While the College Board does not require teachers to use Classroom, Abram notes that “even if the AP Classroom does not instill uniformity in course content upon implementation, it almost certainly will over time.”
And Abrams contrasts that with the founders of AP: “The AP program’s founders argued that the key to stimulating genuine intellectual exploration and development was creativity and flexibility for teachers, something enjoyed in the college classroom that they expected AP classes would also manifest.”
What Is the Real Problem?
In an interview, Abrams discussed some of the challenges with fixing the AP program.

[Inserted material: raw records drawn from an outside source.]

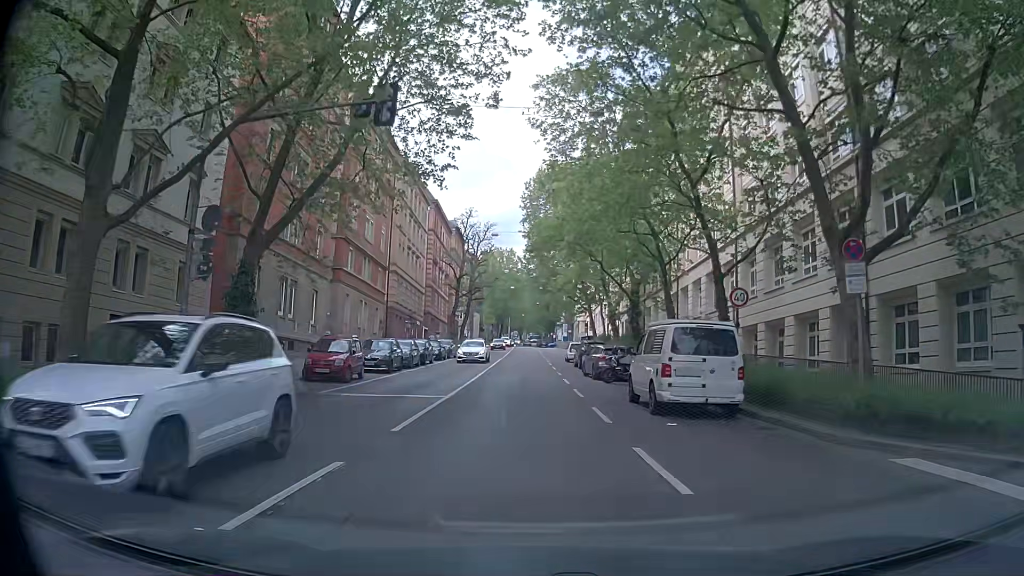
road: secondary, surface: asphalt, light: Day
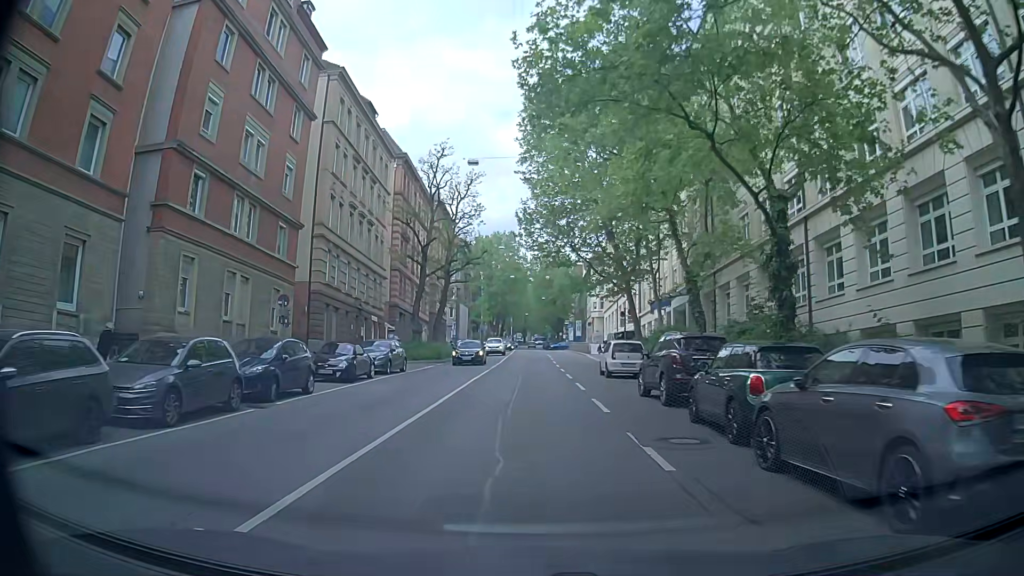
(0.0, +23.9) m; 0°
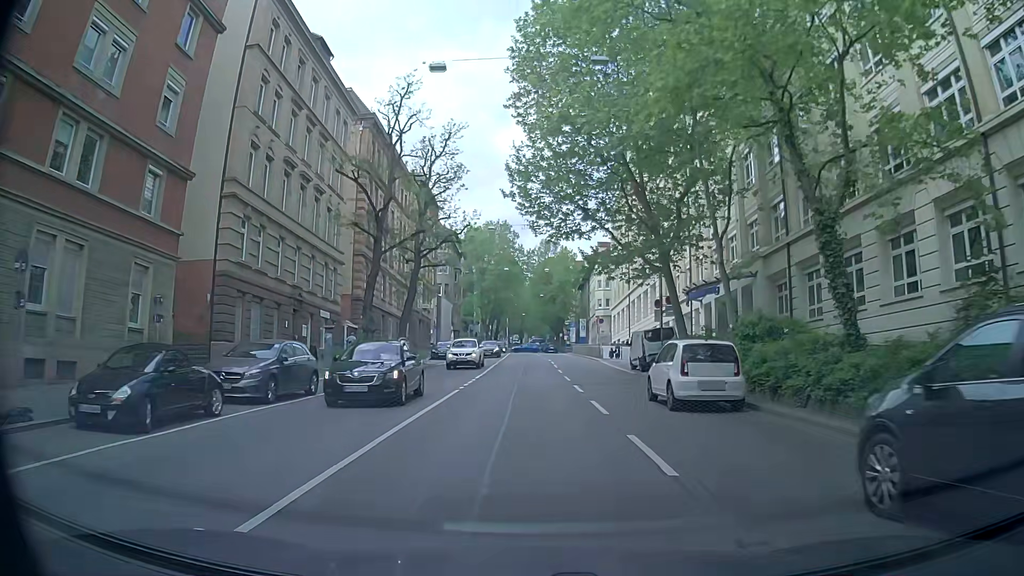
(-0.1, +12.6) m; +1°
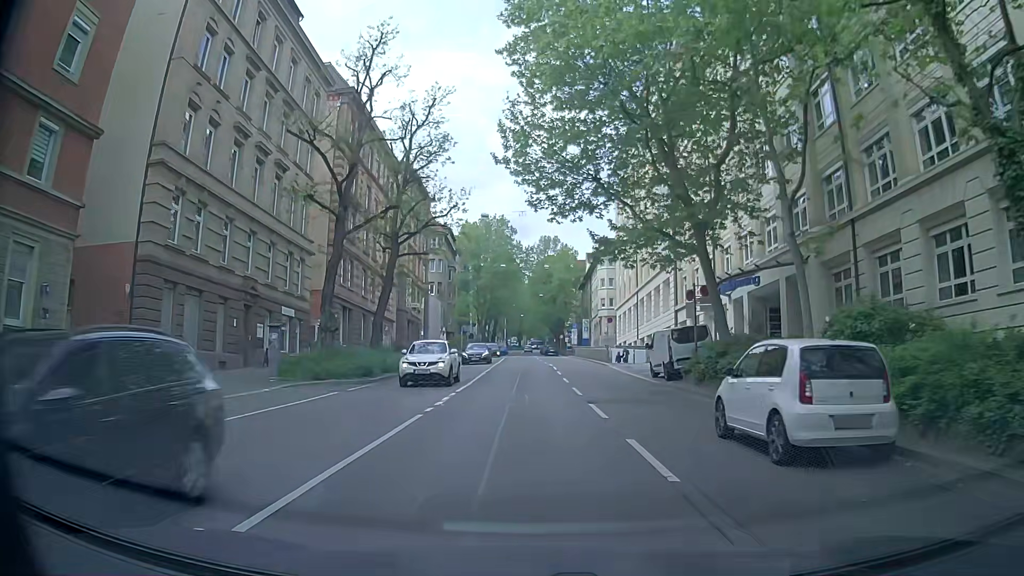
(-0.1, +6.4) m; -1°
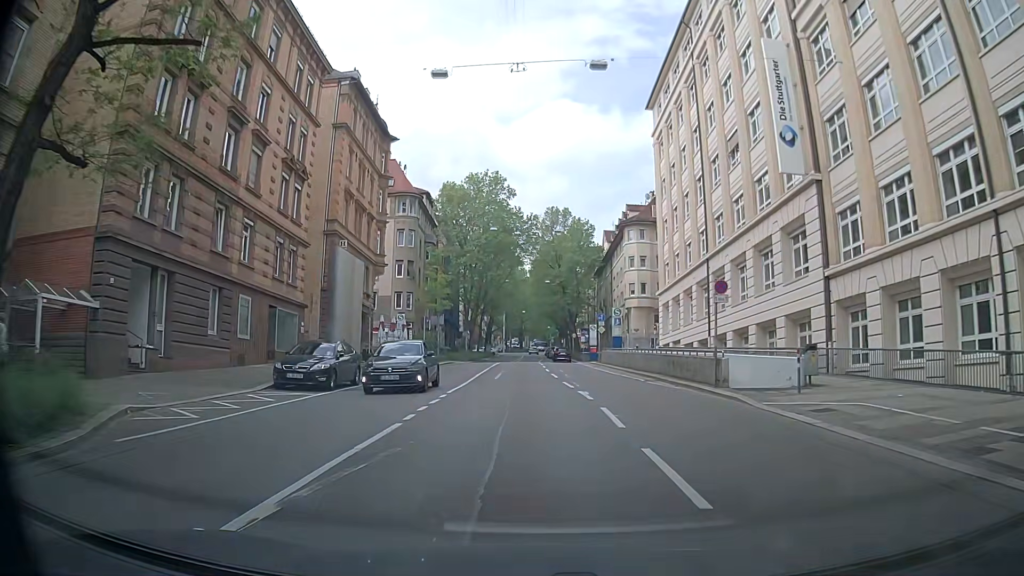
(-0.1, +25.9) m; -1°
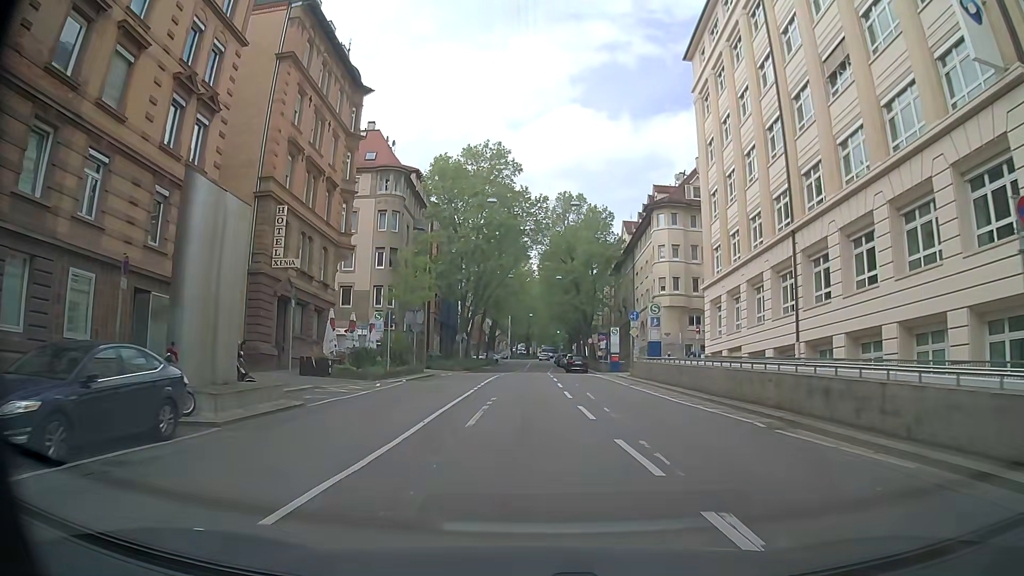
(+0.1, +12.8) m; 0°
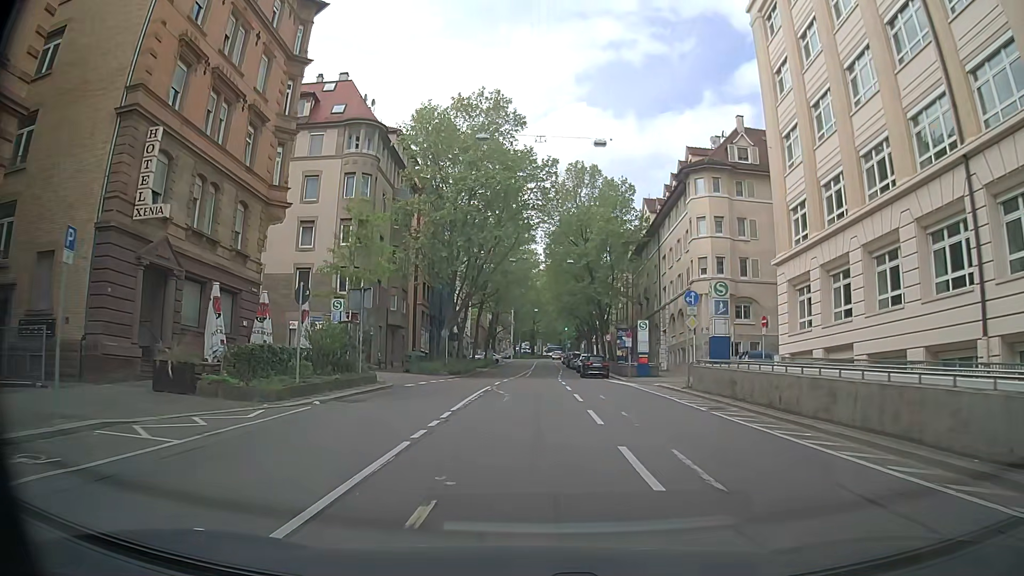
(-0.1, +12.7) m; -1°
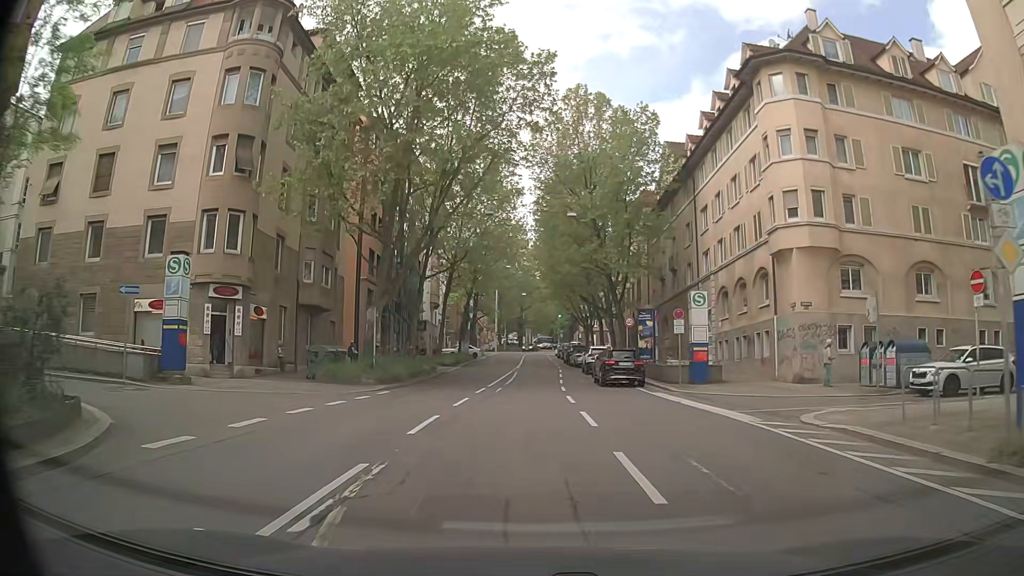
(+0.2, +18.6) m; +1°

Many students, and many parents, believe that there is a direct relationship between taking AP courses (the greater the number, the better) and being admitted to a “good” college. “Despite statements from college officials that taking AP courses is one way to demonstrate a student’s commitment to taking rigorous courses, students and parents believe otherwise.
“People feel that they need the program,” Abrams said. “I do hope to reach some of those parents.”

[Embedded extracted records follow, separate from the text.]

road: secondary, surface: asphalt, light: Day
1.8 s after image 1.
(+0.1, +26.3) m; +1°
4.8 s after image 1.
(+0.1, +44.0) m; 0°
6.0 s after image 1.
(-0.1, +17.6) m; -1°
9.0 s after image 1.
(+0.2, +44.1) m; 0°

Ultimately, Abrams argues that what’s needed is more money for K-12 systems, and not just for AP programs, but for quality investments at all levels. And also more funds for higher education. She said enough money is needed so districts can’t assume AP has the answers.
She acknowledged this isn’t going to happen anytime soon but said that is not a reason to hold back.
Abrams reached out to the College Board when she was conducting research for the book. She said she wanted information that was in the organization’s archives. She never received any answer.
The College Board’s Response
The College Board responded to Inside Higher Ed’s request to talk about the book with a statement:
“The great strength of the AP Program is the community of talented, dedicated teachers who care about their students and feel passionate about their subjects. We hear from thousands of those teachers every year, and their insights help make AP more effective and more inspiring for students. Annie Abrams’s Shortchanged offers one, limited view … We find her examination of the AP Program not reflective of the experiences of the broader community of AP teachers and the students they serve. If she had consulted with any of the thousands of AP teachers educating across a variety of subjects, she would have found that students from all backgrounds can excel when they have the right preparation, a welcoming invitation, and a genuine sense of belonging.”
The statement continued: “For schools across the country—urban and rural, large and small, well-resourced and economically struggling—AP provides a broad framework and a wealth of resources so that teachers at all levels can offer a college-level experience. AP frameworks are flexible by design so that teachers use their experience and creativity to expand and enhance the curricula. No two AP classes are alike, because they rely so thoroughly on the talent and commitment of individual teachers.”
As for Abrams, who is currently on leave from her teaching job, she said she wasn’t sure if, upon return, she would again teach an AP course.